REDAF.EHZ.AM.00 (0x32 0x30) 0 i4 206 100.0 2024/02/19 14:57:58.77 (1708354678.7740) 2024/02/19 14:58:00.82 (1708354680.8240) 0x00 0x00 i66 m211 t19 len 888 [D: 0.6s F: 2.0s]
REDAF.EHZ.AM.00 (0x32 0x30) 0 i4 206 100.0 2024/02/19 14:58:00.83 (1708354680.8340) 2024/02/19 14:58:02.88 (1708354682.8840) 0x00 0x00 i66 m211 t19 len 888 [D: 0.9s F: 2.4s]
REDAF.EHZ.AM.00 (0x32 0x30) 0 i4 206 100.0 2024/02/19 14:58:02.89 (1708354682.8940) 2024/02/19 14:58:04.94 (1708354684.9440) 0x00 0x00 i66 m211 t19 len 888 [D: 0.9s F: 2.0s]
REDAF.EHZ.AM.00 (0x32 0x30) 0 i4 206 100.0 2024/02/19 14:58:04.95 (1708354684.9540) 2024/02/19 14:58:07.00 (1708354687.0040) 0x00 0x00 i66 m211 t19 len 888 [D: 0.8s F: 2.0s]
...

I will note that near the REDAF, there is a motor that runs constantly in the background at about 28 Hz.
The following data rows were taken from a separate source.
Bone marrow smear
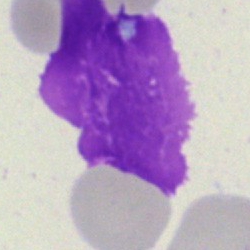
Specimen: bone marrow smear.
Morphological class: artifact.
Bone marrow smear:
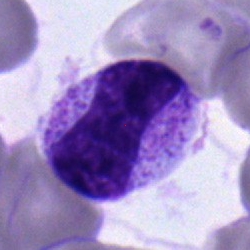
{"cell_type": "metamyelocyte", "lineage": "myeloid"}
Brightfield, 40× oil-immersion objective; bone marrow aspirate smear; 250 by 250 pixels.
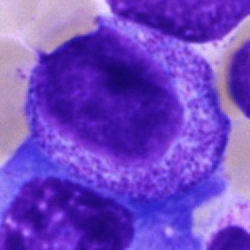 The cell type is progranulocyte.
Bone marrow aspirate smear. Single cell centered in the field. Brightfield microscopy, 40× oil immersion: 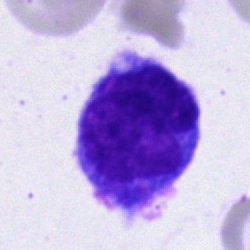 Cell type = monocyte.
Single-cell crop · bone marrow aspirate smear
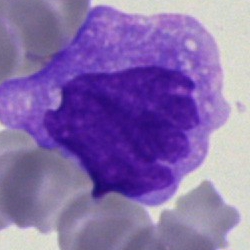 A monocyte.
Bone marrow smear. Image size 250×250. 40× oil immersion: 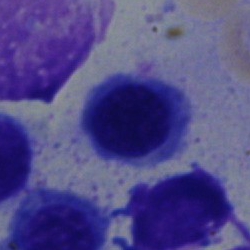Q: Which cell type is shown here?
A: An erythroblast.
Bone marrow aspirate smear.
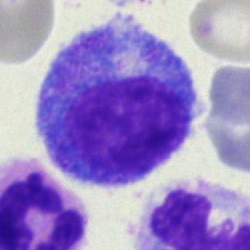 The cell shown is a progranulocyte.
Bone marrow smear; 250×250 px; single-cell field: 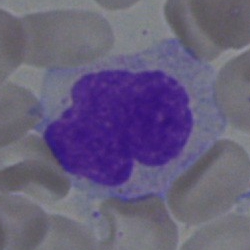
Single cell identified as a monocyte.
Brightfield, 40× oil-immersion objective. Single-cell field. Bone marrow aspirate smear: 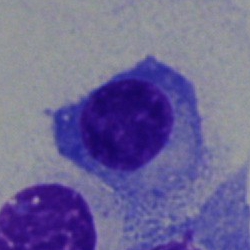Specimen: bone marrow smear.
Cell type: plasmacyte.
Lineage: lymphoid.
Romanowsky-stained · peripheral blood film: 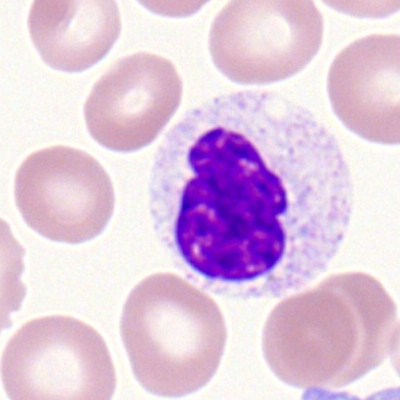
Morphology consistent with a neutrophil (segmented).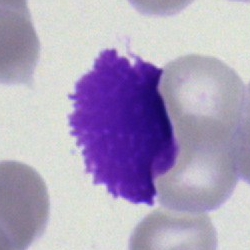Q: What is shown here?
A: An artefact.
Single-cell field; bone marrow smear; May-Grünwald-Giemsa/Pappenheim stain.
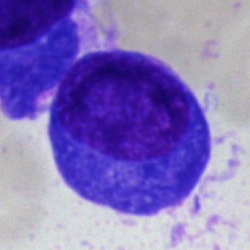
A plasmacyte.
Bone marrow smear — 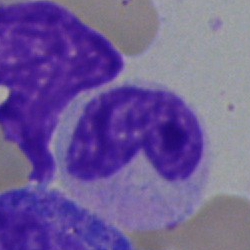
Showing a band neutrophil.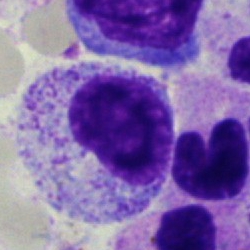

Specimen: bone marrow smear.
Cell: myelocyte.
Lineage: myeloid.
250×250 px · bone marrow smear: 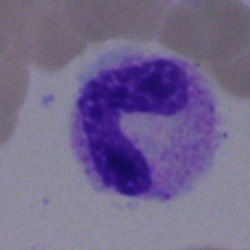
A band-form neutrophil.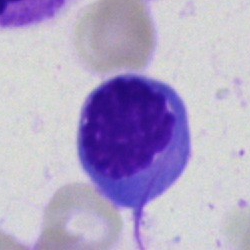
The cell is nucleated red cell.
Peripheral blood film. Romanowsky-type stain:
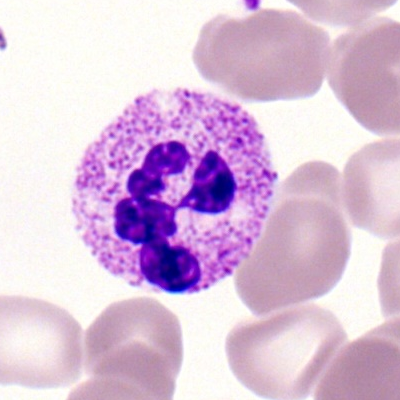Q: What is the morphological classification of this cell?
A: This is a segmented neutrophil.
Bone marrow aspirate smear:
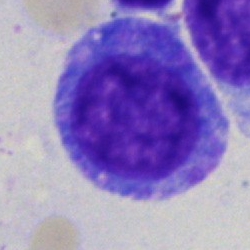
Morphology → progranulocyte.
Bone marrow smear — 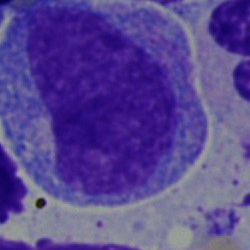Cell: promyelocyte.
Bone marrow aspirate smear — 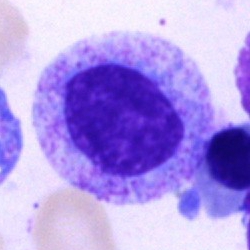

{"cell_type": "progranulocyte"}
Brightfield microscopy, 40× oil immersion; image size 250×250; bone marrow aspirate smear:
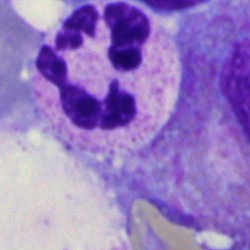 Cell type = polymorphonuclear neutrophil.
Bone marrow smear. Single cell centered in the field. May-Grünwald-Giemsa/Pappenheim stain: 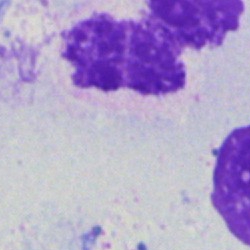

Artifact.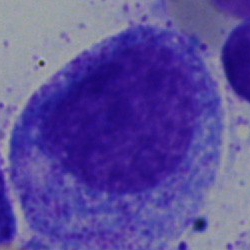 Impression — promyelocyte.
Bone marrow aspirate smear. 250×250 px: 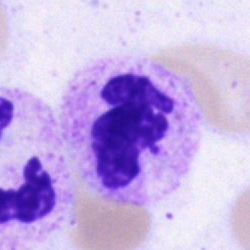
Single cell identified as a segmented neutrophil.
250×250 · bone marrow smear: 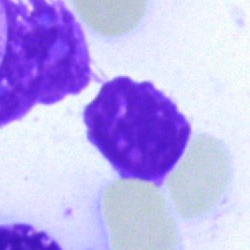 Impression — artifact.
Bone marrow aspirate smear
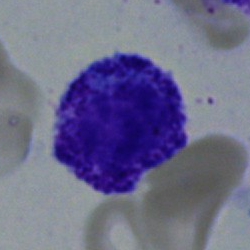
Cell: myelocyte.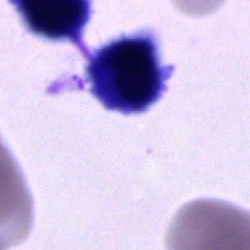

Q: Identify the cell.
A: This is a cell of indeterminate lineage.

I imagine (related to your comments) that the motor strongly effects the sensor, likely resulting in poor data compression causing the packets to send more frequently than our RA192 station.
My question is, is there a way I could modify the seedlink protocol on the RS itself to decrease the packet size required to be sent so that they send more frequently? A packet sent every 1-2 seconds using the TCP protocol would be ideal, rather than the 3-4 second delay.